Task objective.
Reproduce the listing below word for word, with no pictures.

↓↓↓

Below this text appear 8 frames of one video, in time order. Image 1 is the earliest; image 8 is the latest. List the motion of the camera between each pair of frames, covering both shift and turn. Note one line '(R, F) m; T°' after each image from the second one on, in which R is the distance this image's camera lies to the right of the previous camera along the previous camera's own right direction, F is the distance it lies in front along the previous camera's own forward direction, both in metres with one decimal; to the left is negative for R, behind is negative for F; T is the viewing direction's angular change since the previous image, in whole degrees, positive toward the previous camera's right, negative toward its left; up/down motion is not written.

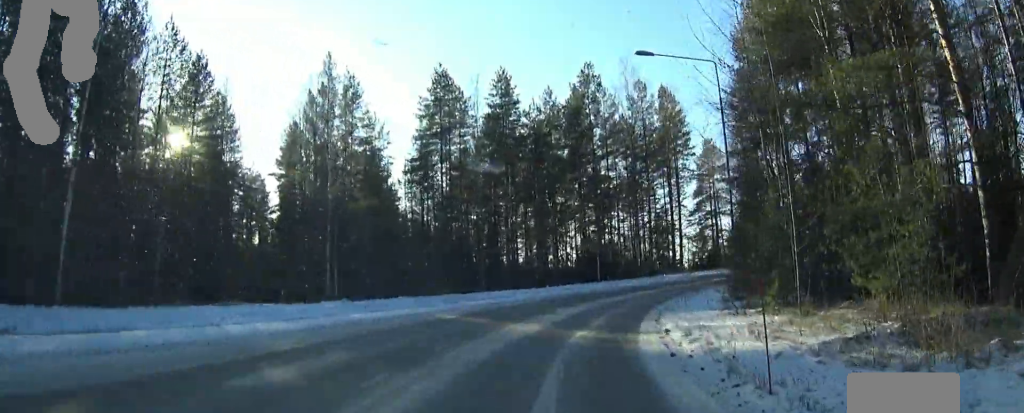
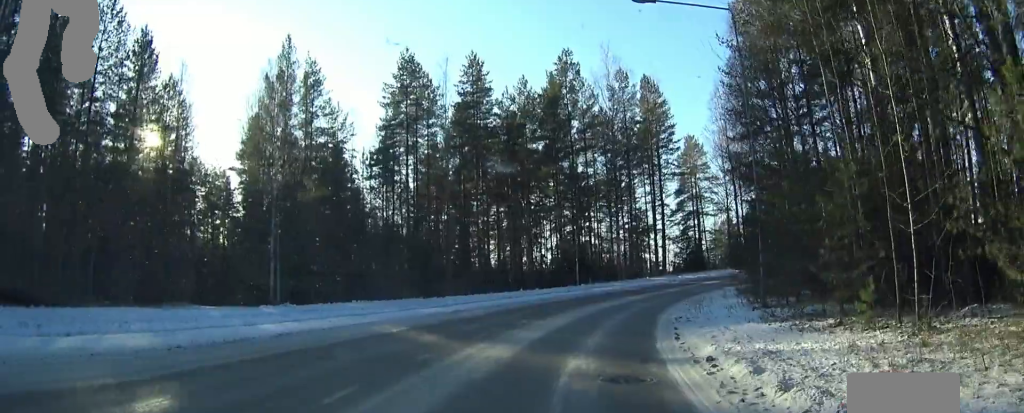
(+0.5, +5.8) m; +4°
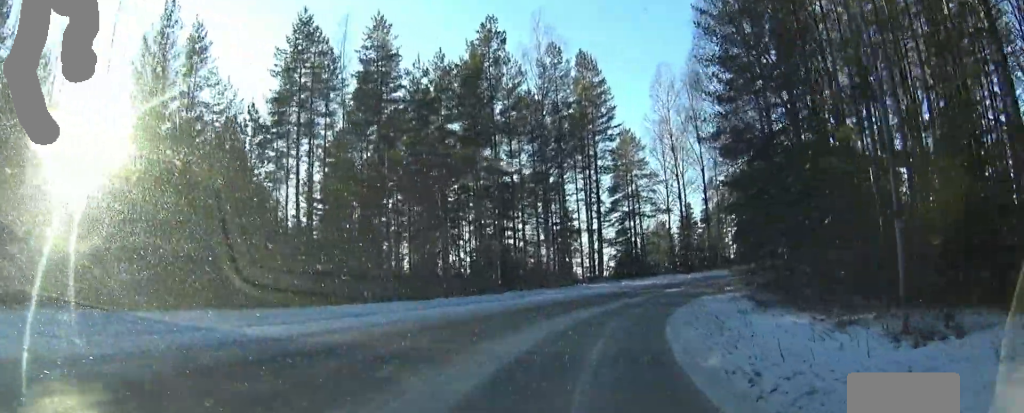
(+1.2, +11.9) m; +5°
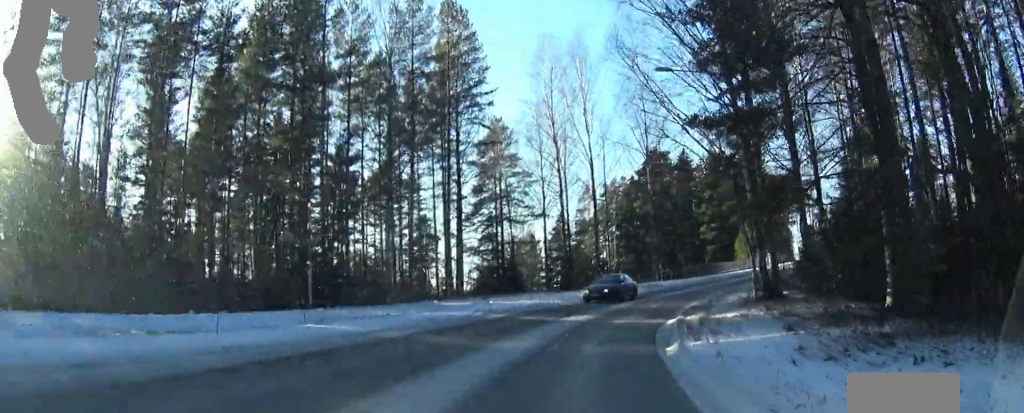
(-0.8, +15.8) m; -4°
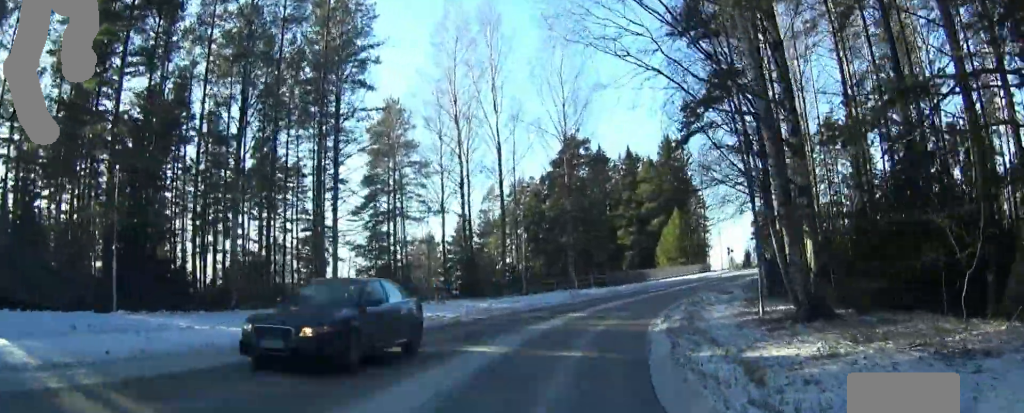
(-0.1, +9.4) m; +8°
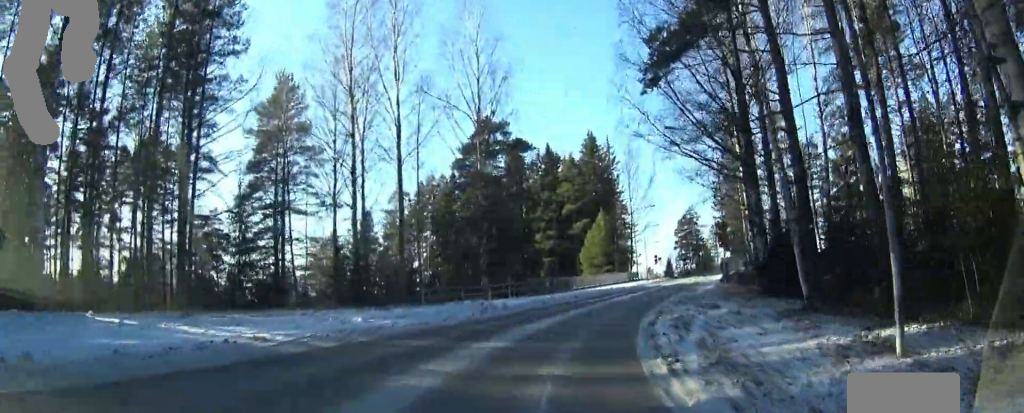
(+0.9, +9.2) m; +16°
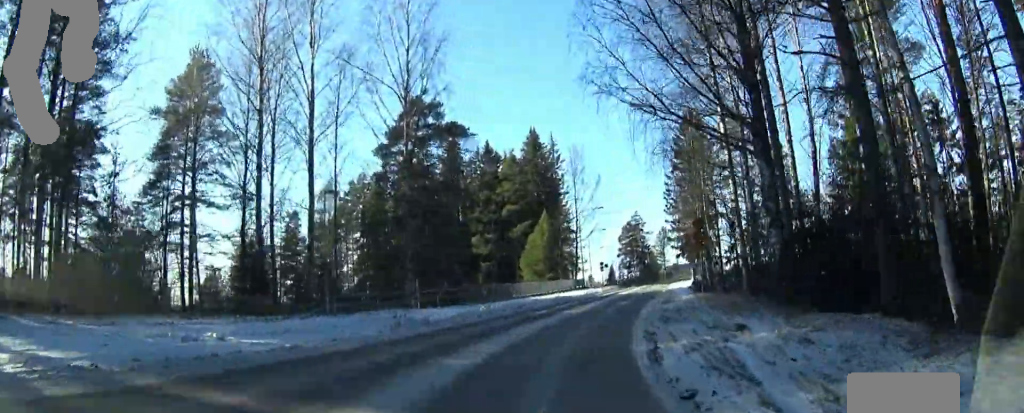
(+1.3, +7.4) m; +10°
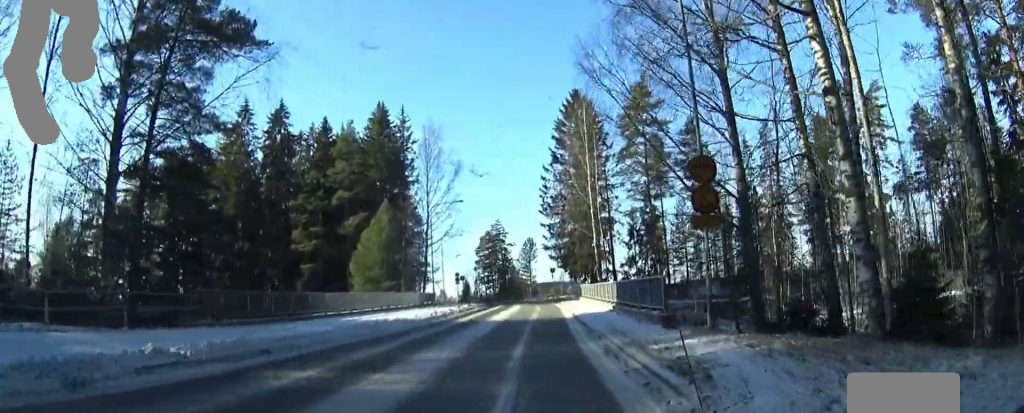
(+1.8, +17.9) m; +9°
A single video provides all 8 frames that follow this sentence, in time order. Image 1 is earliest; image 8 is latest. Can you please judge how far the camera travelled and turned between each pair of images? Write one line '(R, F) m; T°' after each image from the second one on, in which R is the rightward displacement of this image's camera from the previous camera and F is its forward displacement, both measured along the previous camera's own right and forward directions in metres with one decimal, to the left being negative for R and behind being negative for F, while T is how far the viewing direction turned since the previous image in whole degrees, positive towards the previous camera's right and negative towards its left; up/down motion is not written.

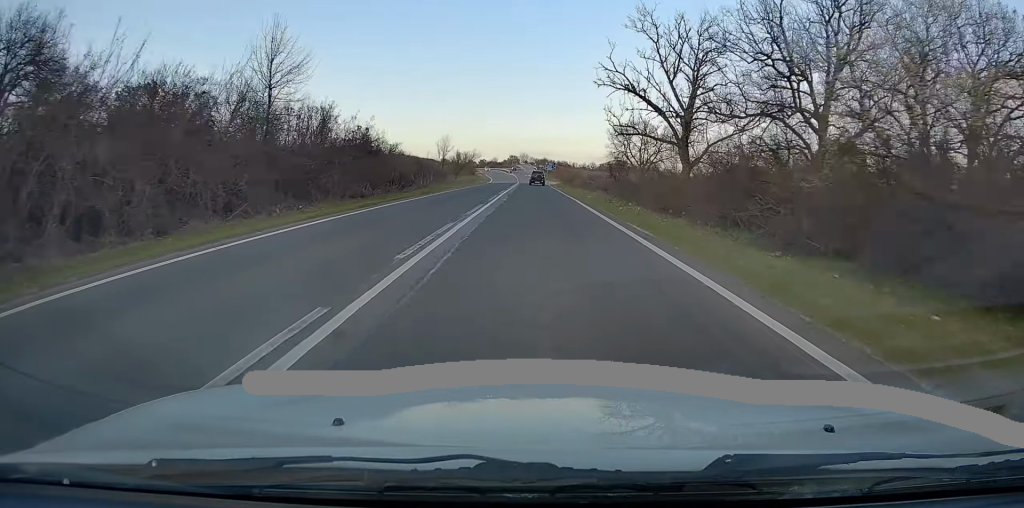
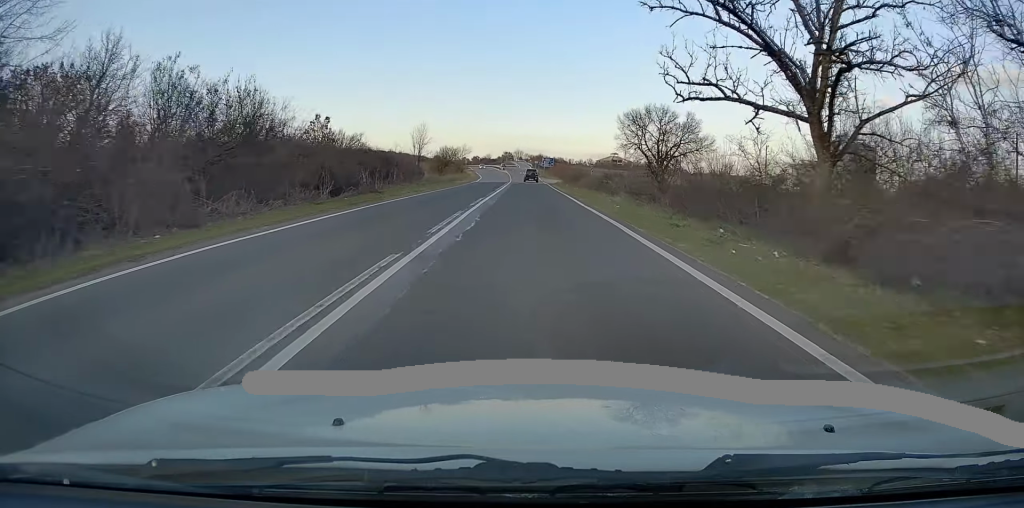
(0.0, +14.7) m; 0°
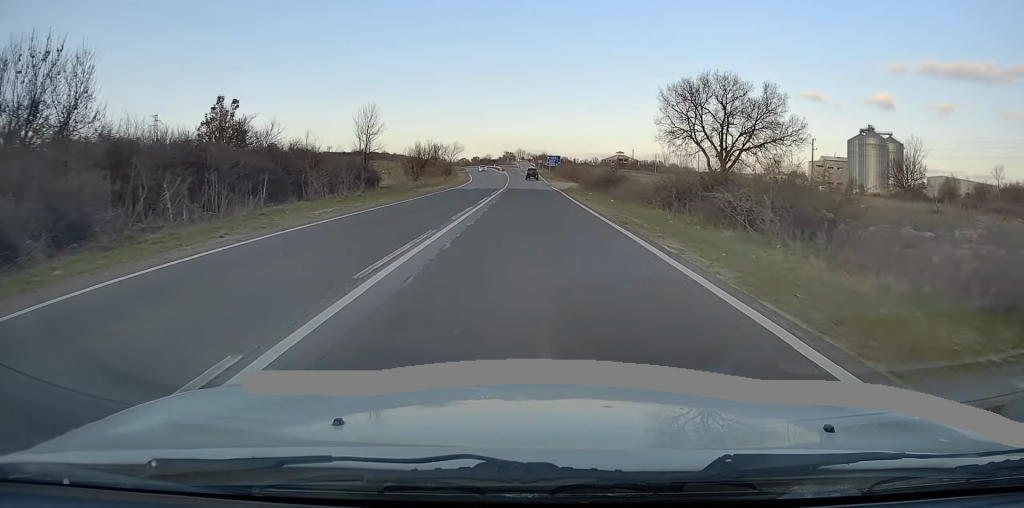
(+0.2, +22.9) m; +1°
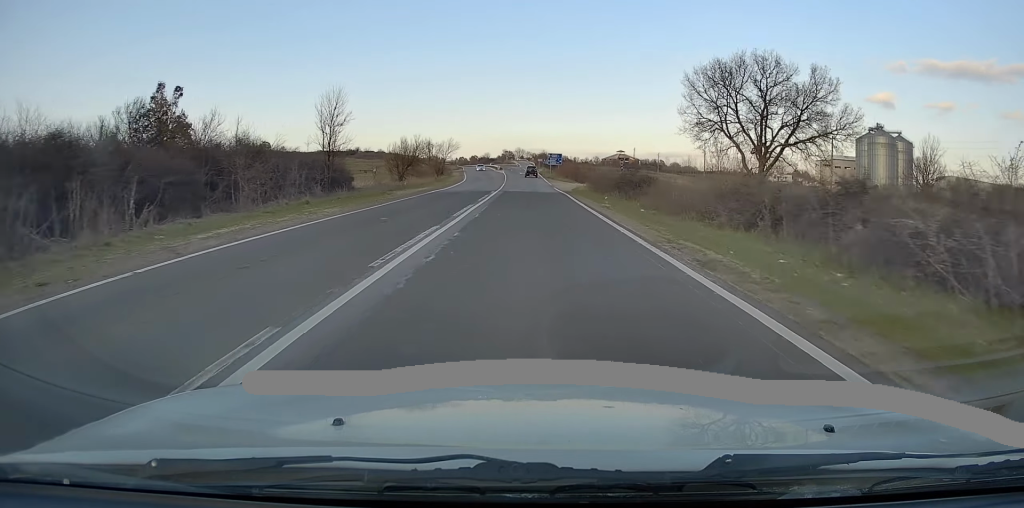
(0.0, +8.3) m; 0°
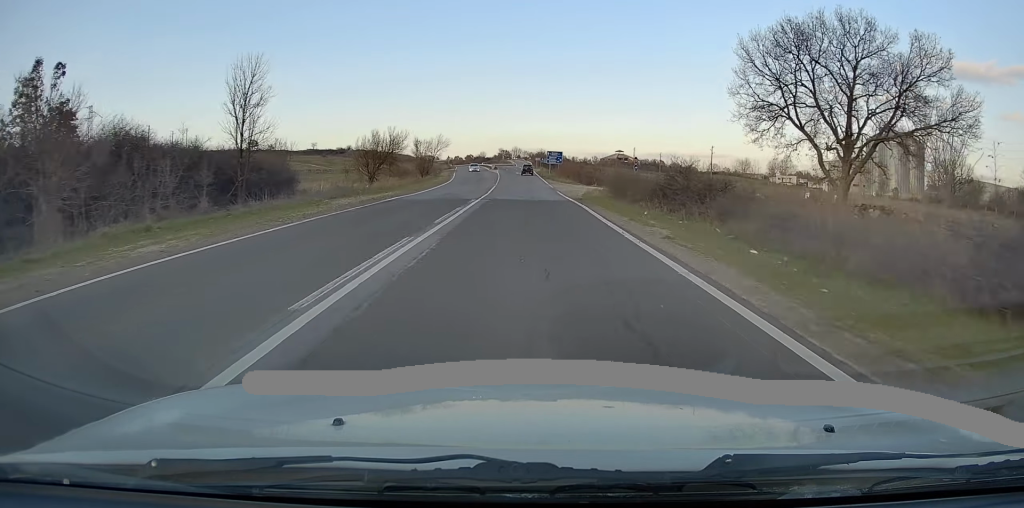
(+0.1, +11.5) m; 0°
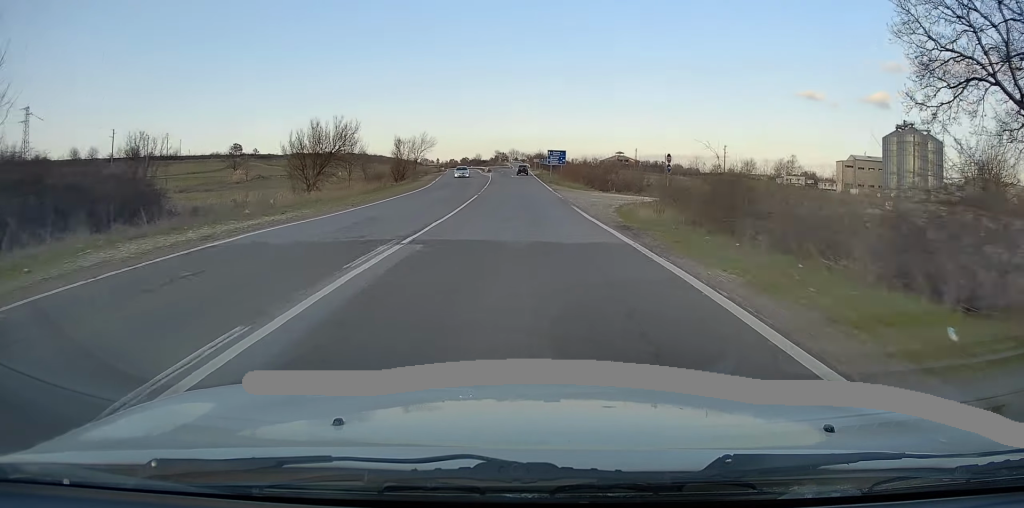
(+0.1, +15.5) m; 0°
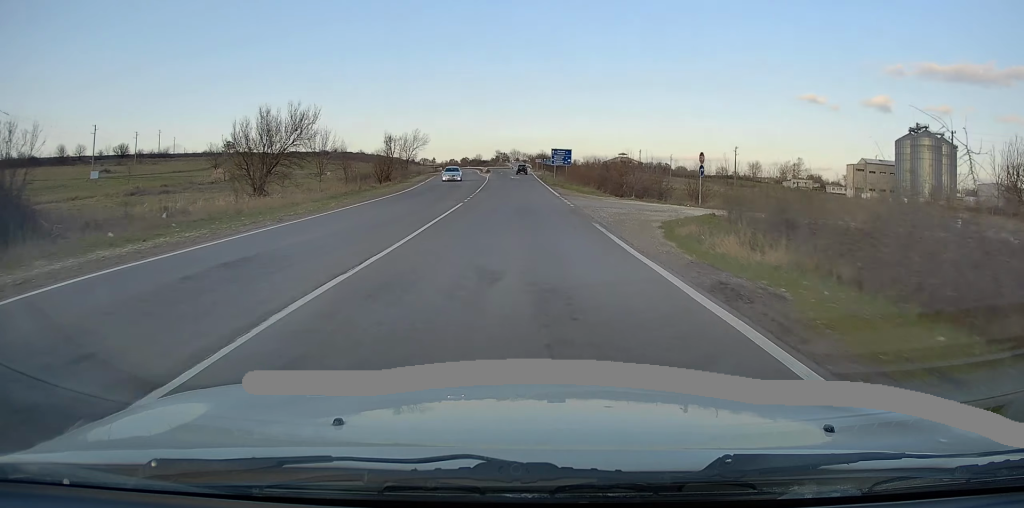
(0.0, +8.5) m; 0°
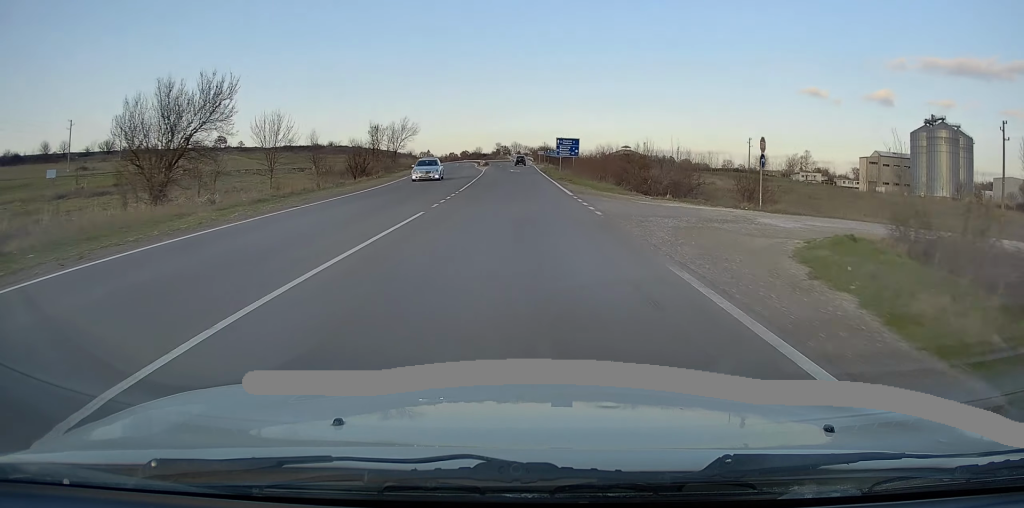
(0.0, +9.8) m; 0°

↑↑↑

Solution to the problem.
Below this text appear 8 frames of one video, in time order. Image 1 is the earliest; image 8 is the latest. List the motion of the camera between each pair of frames, covering both shift and turn. Note one line '(R, F) m; T°' after each image from the second one on, in which R is the distance this image's camera lies to the right of the previous camera along the previous camera's own right direction, F is the distance it lies in front along the previous camera's own forward direction, both in metres with one decimal; to the left is negative for R, behind is negative for F; T is the viewing direction's angular change since the previous image, in whole degrees, positive toward the previous camera's right, negative toward its left; up/down motion is not written.

(+0.5, +5.8) m; +4°
(+1.2, +11.9) m; +5°
(-0.8, +15.8) m; -4°
(-0.1, +9.4) m; +8°
(+0.9, +9.2) m; +16°
(+1.3, +7.4) m; +10°
(+1.8, +17.9) m; +9°
A single video provides all 8 frames that follow this sentence, in time order. Image 1 is earliest; image 8 is latest. Can you please judge how far the camera travelled and turned between each pair of images? Write one line '(R, F) m; T°' after each image from the second one on, in which R is the rightward displacement of this image's camera from the previous camera and F is its forward displacement, both measured along the previous camera's own right and forward directions in metres with one decimal, to the left being negative for R and behind being negative for F, while T is how far the viewing direction turned since the previous image in whole degrees, positive towards the previous camera's right and negative towards its left; up/down motion is not written.

(0.0, +14.7) m; 0°
(+0.2, +22.9) m; +1°
(0.0, +8.3) m; 0°
(+0.1, +11.5) m; 0°
(+0.1, +15.5) m; 0°
(0.0, +8.5) m; 0°
(0.0, +9.8) m; 0°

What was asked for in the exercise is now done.